== Work instruction ==
Print the entries below again exactly as they stand, but skip any picture.

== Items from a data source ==
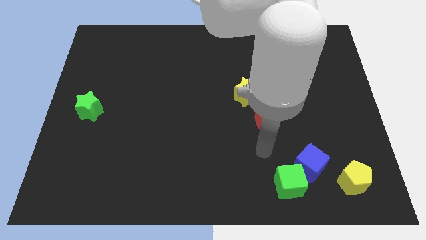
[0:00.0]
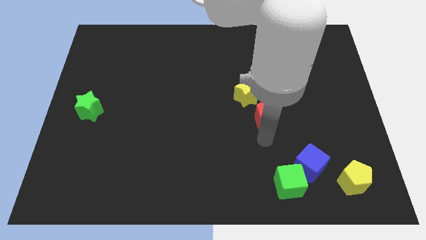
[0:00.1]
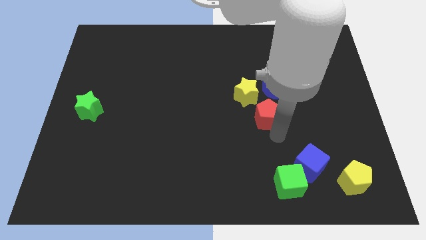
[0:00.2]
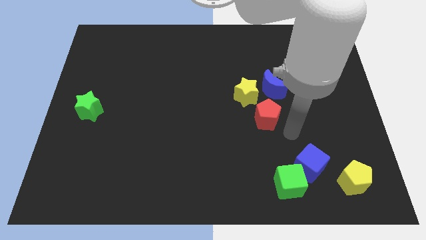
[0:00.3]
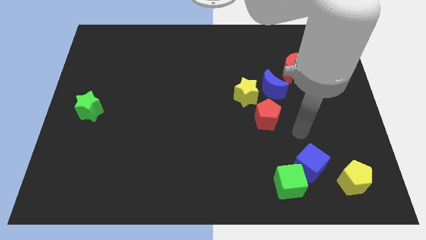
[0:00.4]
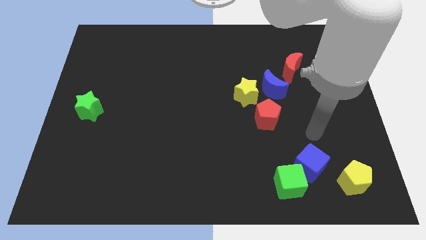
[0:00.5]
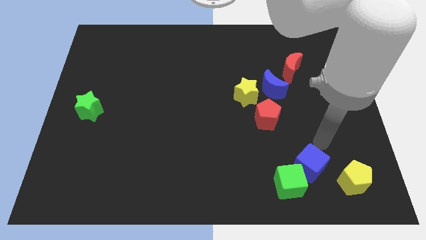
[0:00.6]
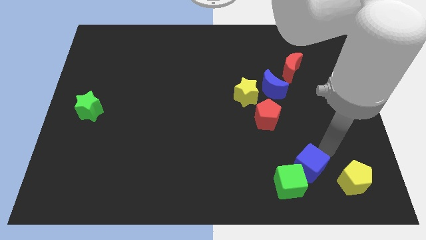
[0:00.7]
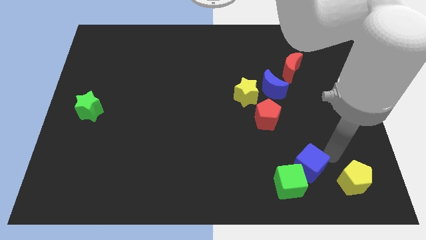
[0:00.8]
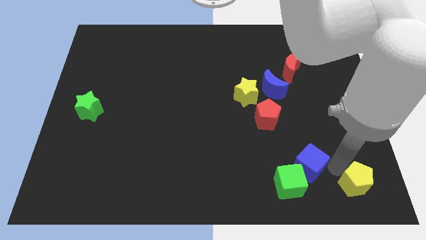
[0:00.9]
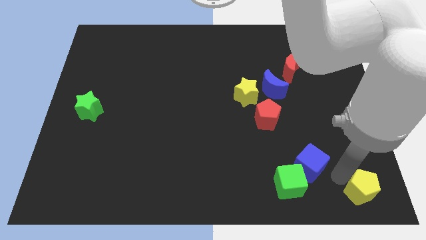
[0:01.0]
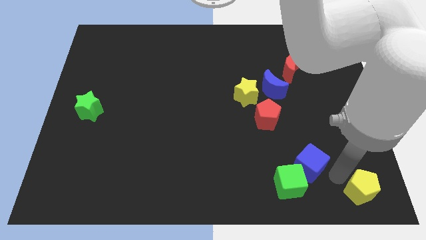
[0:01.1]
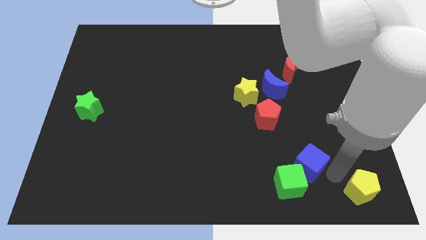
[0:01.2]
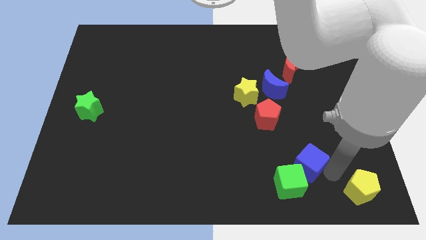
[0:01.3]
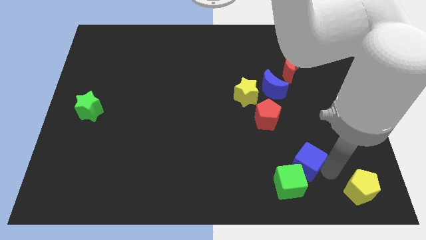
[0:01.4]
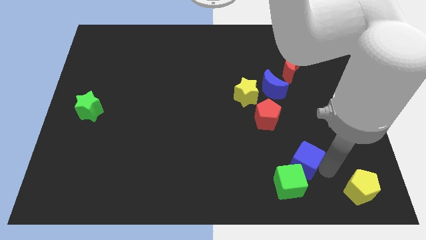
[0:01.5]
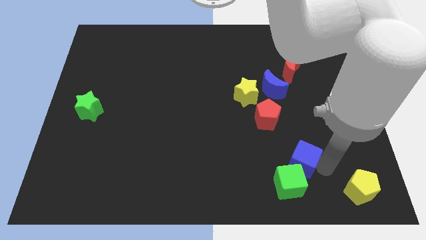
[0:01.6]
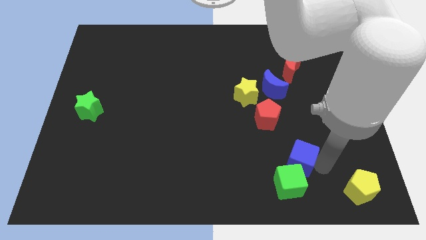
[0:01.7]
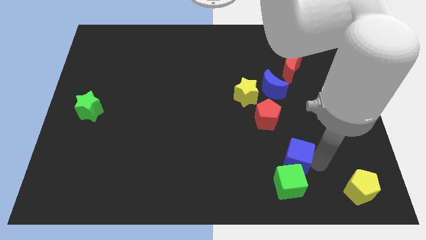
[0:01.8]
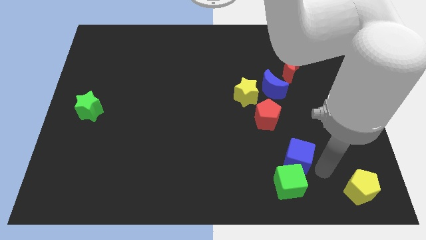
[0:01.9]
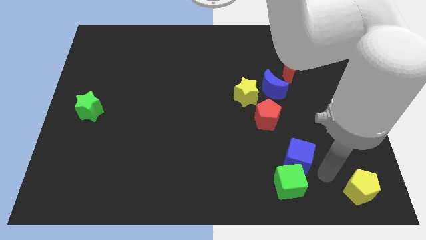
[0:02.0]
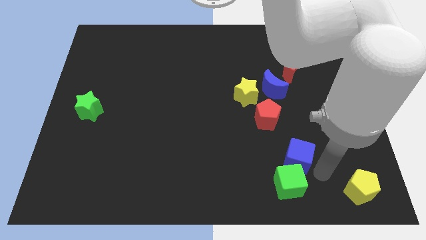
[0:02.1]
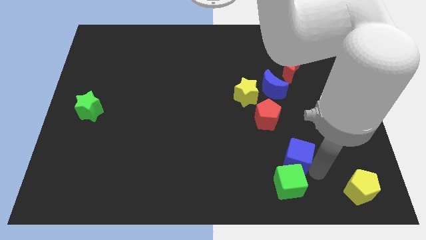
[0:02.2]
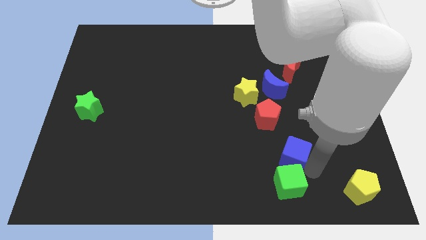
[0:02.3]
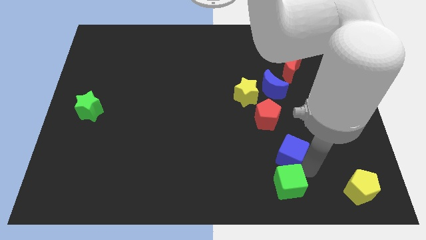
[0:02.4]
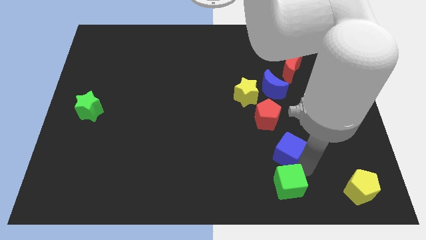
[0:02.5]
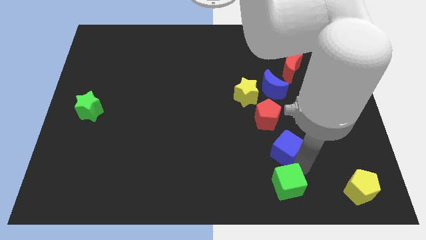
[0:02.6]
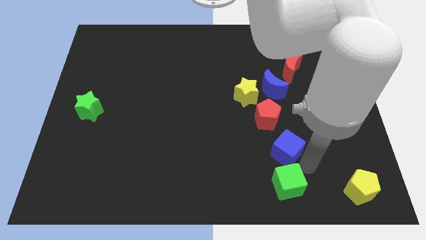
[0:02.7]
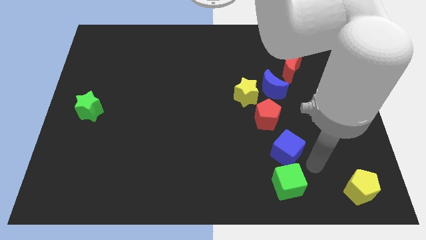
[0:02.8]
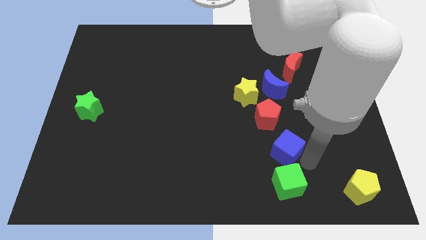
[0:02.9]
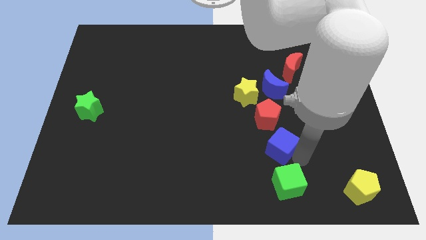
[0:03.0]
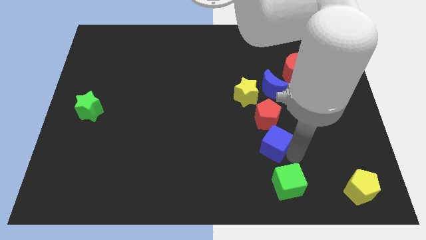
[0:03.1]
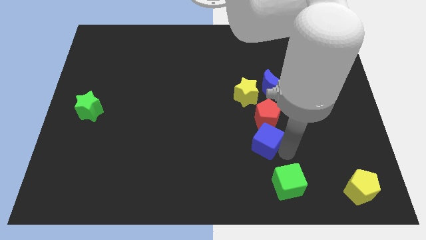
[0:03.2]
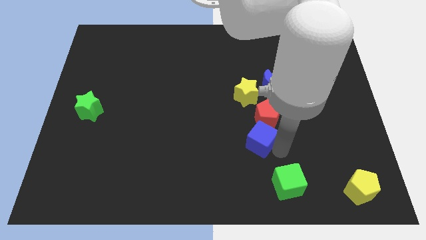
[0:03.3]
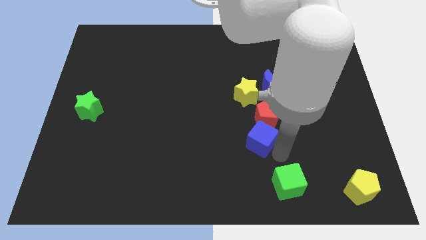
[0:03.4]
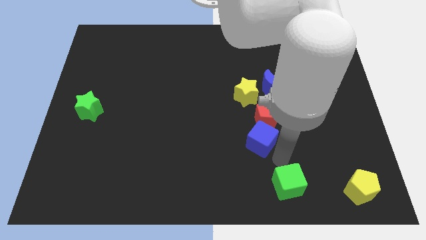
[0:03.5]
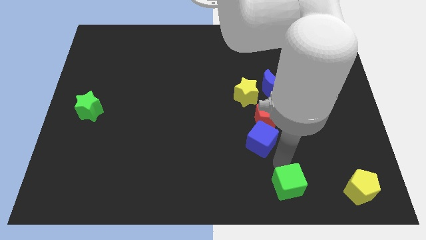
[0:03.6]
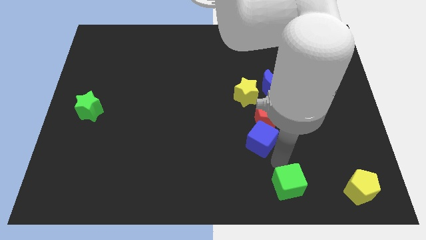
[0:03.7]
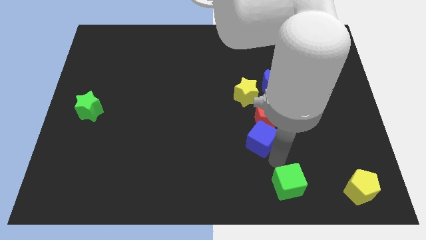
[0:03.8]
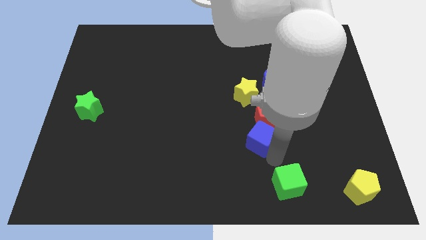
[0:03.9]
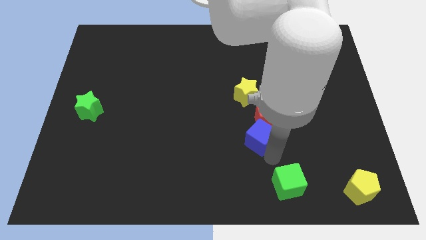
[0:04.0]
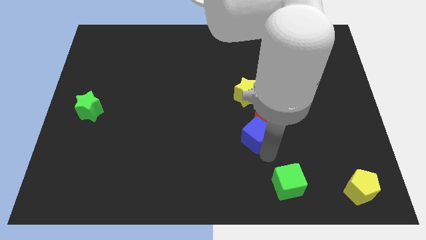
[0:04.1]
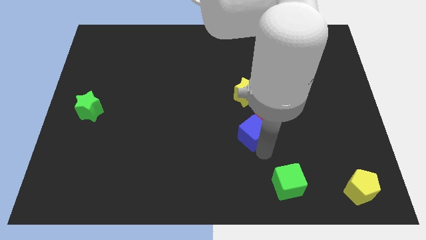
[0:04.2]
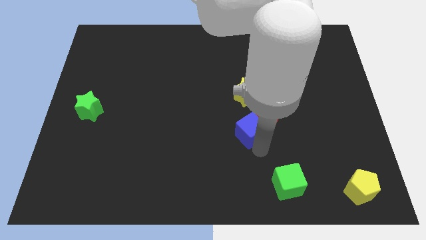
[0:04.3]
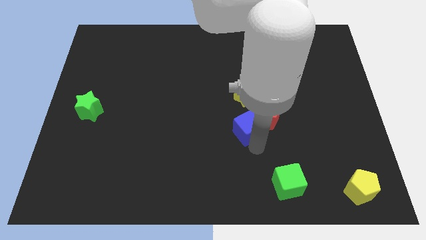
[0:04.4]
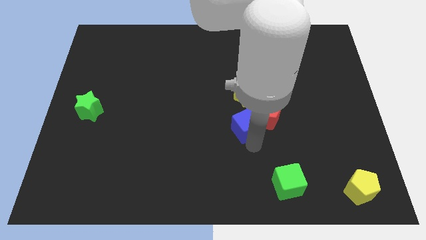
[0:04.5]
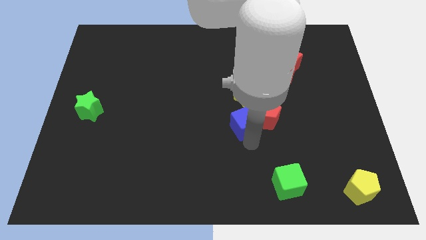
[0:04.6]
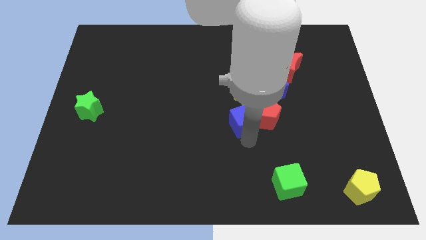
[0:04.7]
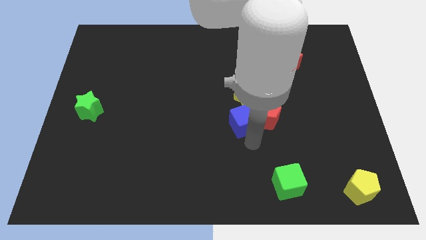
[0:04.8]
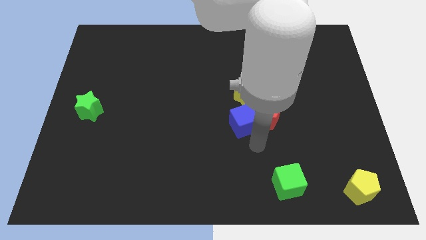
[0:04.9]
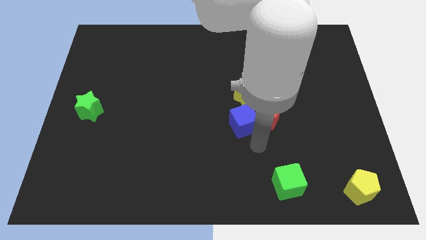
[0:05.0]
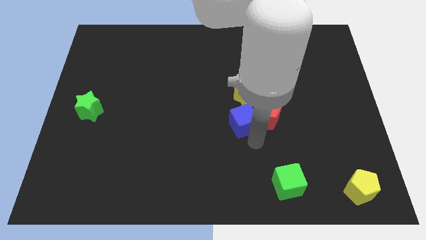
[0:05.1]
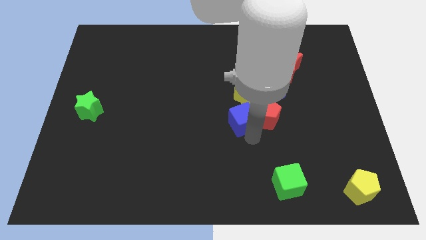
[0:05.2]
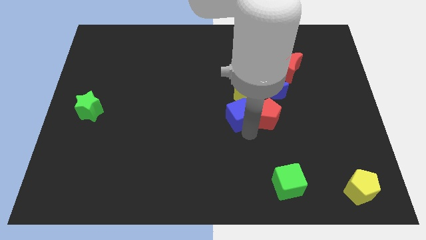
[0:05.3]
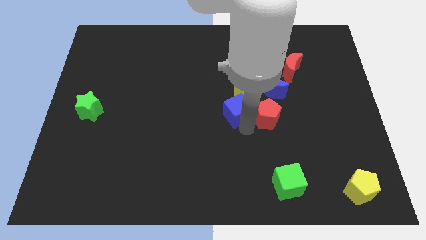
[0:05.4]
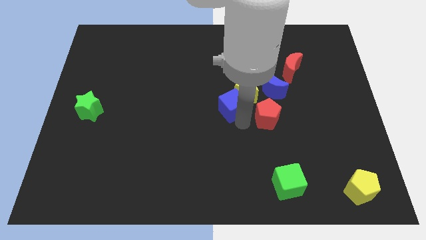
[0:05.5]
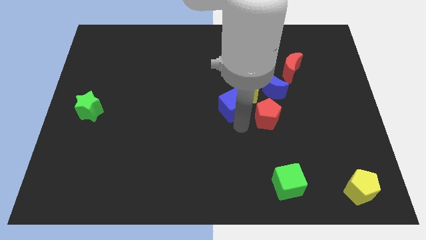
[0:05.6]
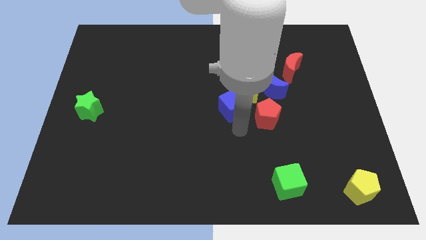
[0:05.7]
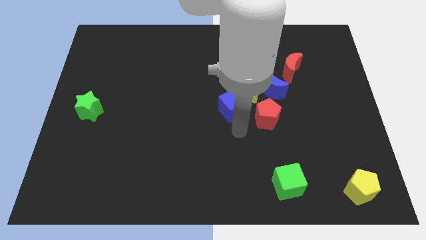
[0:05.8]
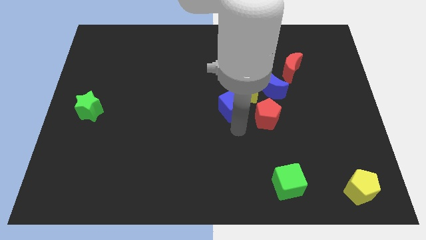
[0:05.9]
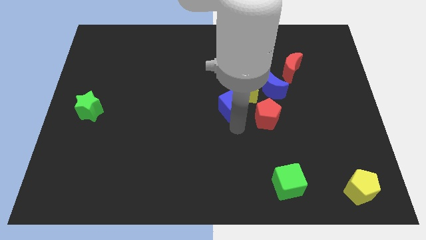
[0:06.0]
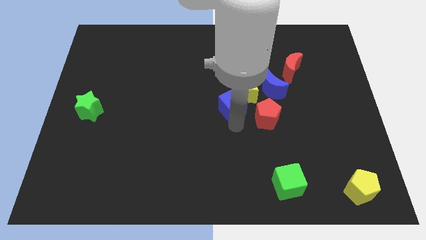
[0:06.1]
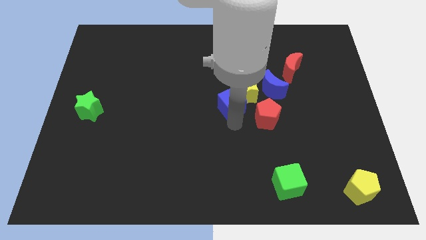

== Your solution ==
[0:00.0]
[0:00.1]
[0:00.2]
[0:00.3]
[0:00.4]
[0:00.5]
[0:00.6]
[0:00.7]
[0:00.8]
[0:00.9]
[0:01.0]
[0:01.1]
[0:01.2]
[0:01.3]
[0:01.4]
[0:01.5]
[0:01.6]
[0:01.7]
[0:01.8]
[0:01.9]
[0:02.0]
[0:02.1]
[0:02.2]
[0:02.3]
[0:02.4]
[0:02.5]
[0:02.6]
[0:02.7]
[0:02.8]
[0:02.9]
[0:03.0]
[0:03.1]
[0:03.2]
[0:03.3]
[0:03.4]
[0:03.5]
[0:03.6]
[0:03.7]
[0:03.8]
[0:03.9]
[0:04.0]
[0:04.1]
[0:04.2]
[0:04.3]
[0:04.4]
[0:04.5]
[0:04.6]
[0:04.7]
[0:04.8]
[0:04.9]
[0:05.0]
[0:05.1]
[0:05.2]
[0:05.3]
[0:05.4]
[0:05.5]
[0:05.6]
[0:05.7]
[0:05.8]
[0:05.9]
[0:06.0]
[0:06.1]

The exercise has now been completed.